§ PROBLEM TO SOLVE
Please copy, word for word, the line holding "Recorded 1.8 s past image 1." and each line that follows it through the end of the entries, omitting any pictures.

Data extracted from a collection

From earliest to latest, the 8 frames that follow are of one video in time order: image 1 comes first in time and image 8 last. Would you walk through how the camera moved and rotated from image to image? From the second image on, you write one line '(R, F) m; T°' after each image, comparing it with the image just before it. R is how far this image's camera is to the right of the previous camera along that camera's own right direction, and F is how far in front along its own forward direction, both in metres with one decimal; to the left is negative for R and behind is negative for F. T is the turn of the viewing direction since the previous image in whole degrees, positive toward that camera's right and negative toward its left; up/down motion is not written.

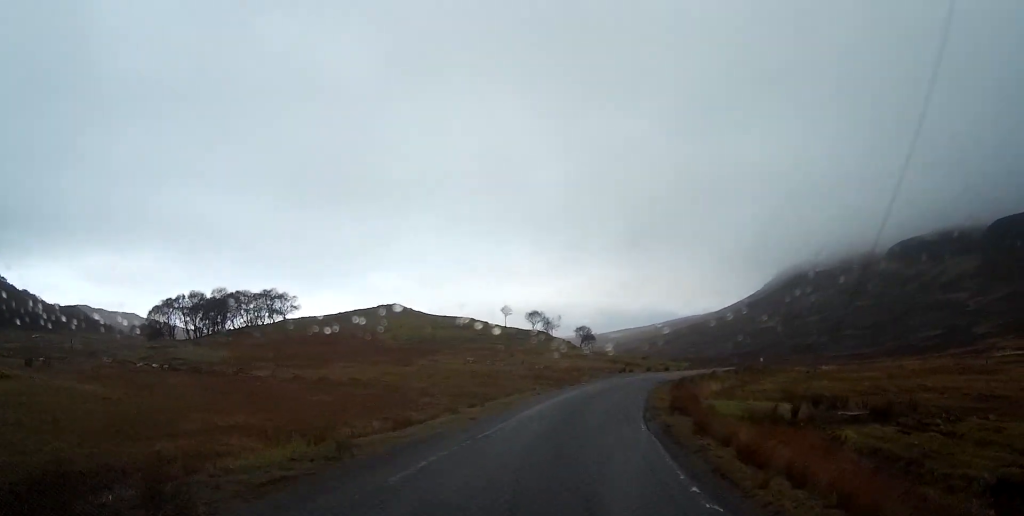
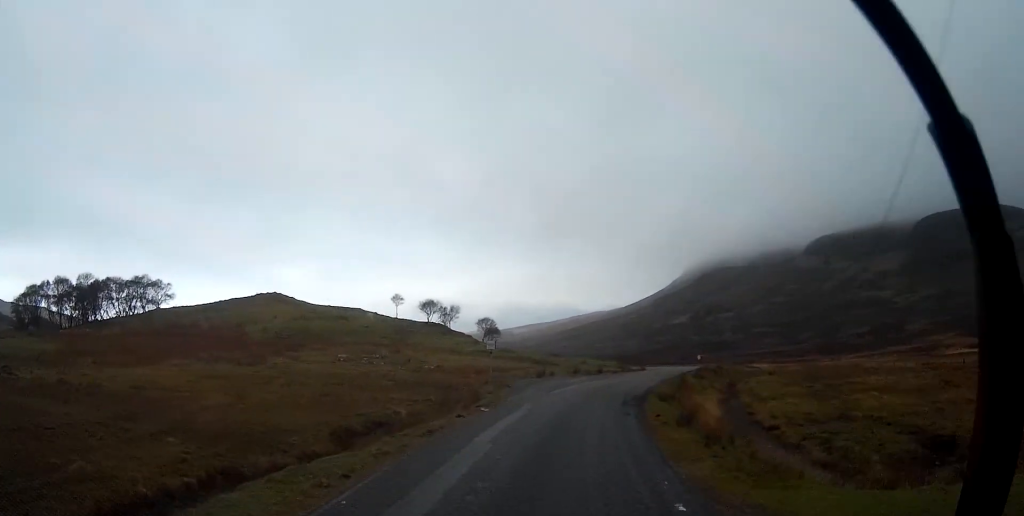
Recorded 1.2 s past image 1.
(+0.8, +17.0) m; +7°
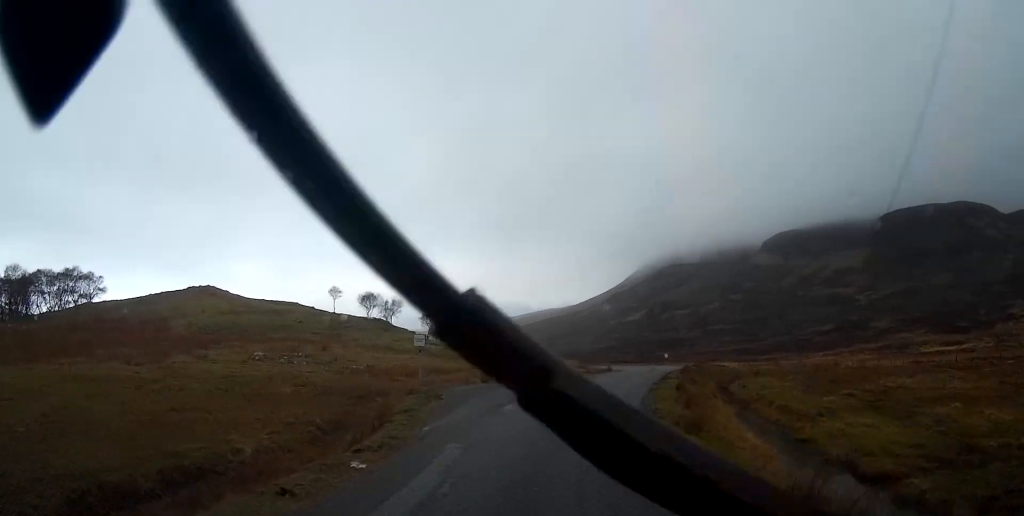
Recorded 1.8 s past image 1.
(+0.5, +9.3) m; +4°
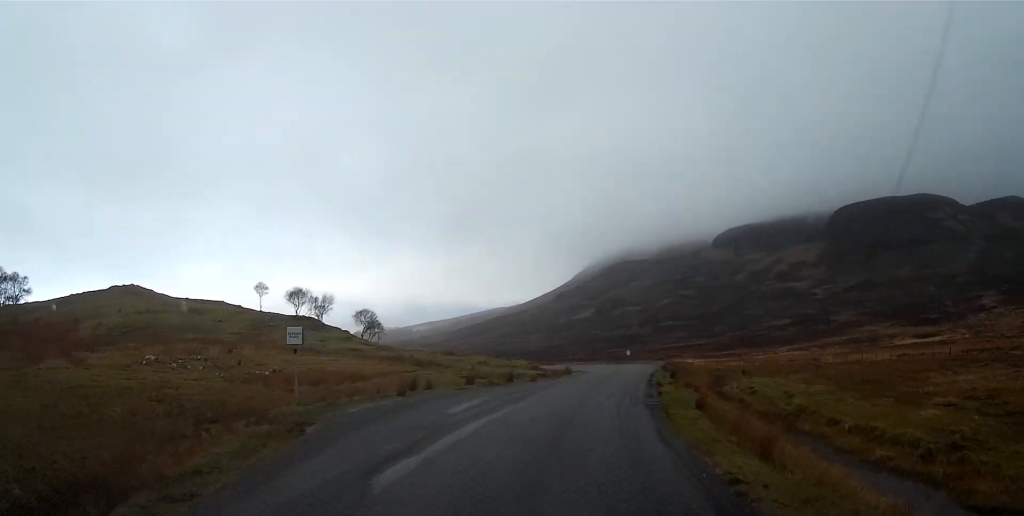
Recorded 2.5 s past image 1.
(+0.4, +9.8) m; +4°
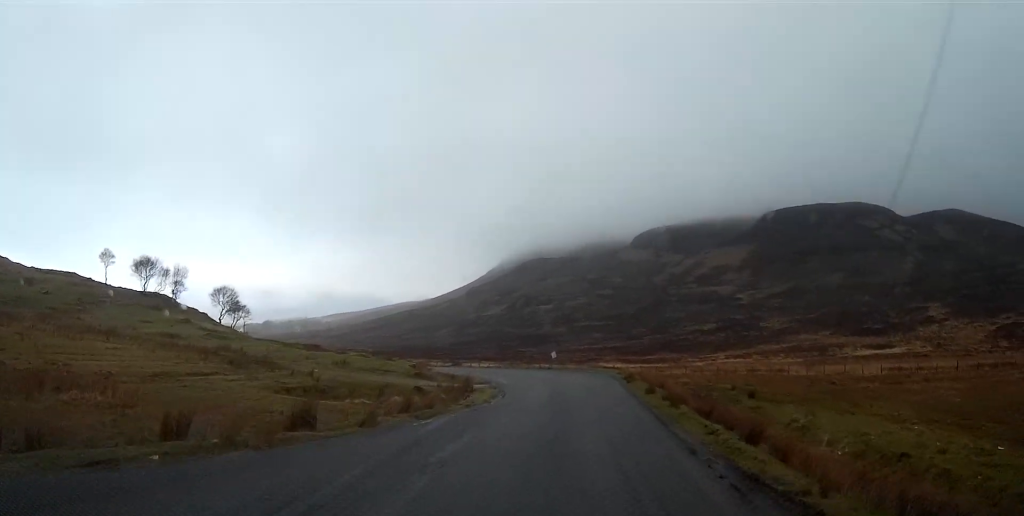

§ EXERCISE ANSWER
Recorded 1.8 s past image 1.
(+0.5, +9.3) m; +4°
Recorded 2.5 s past image 1.
(+0.4, +9.8) m; +4°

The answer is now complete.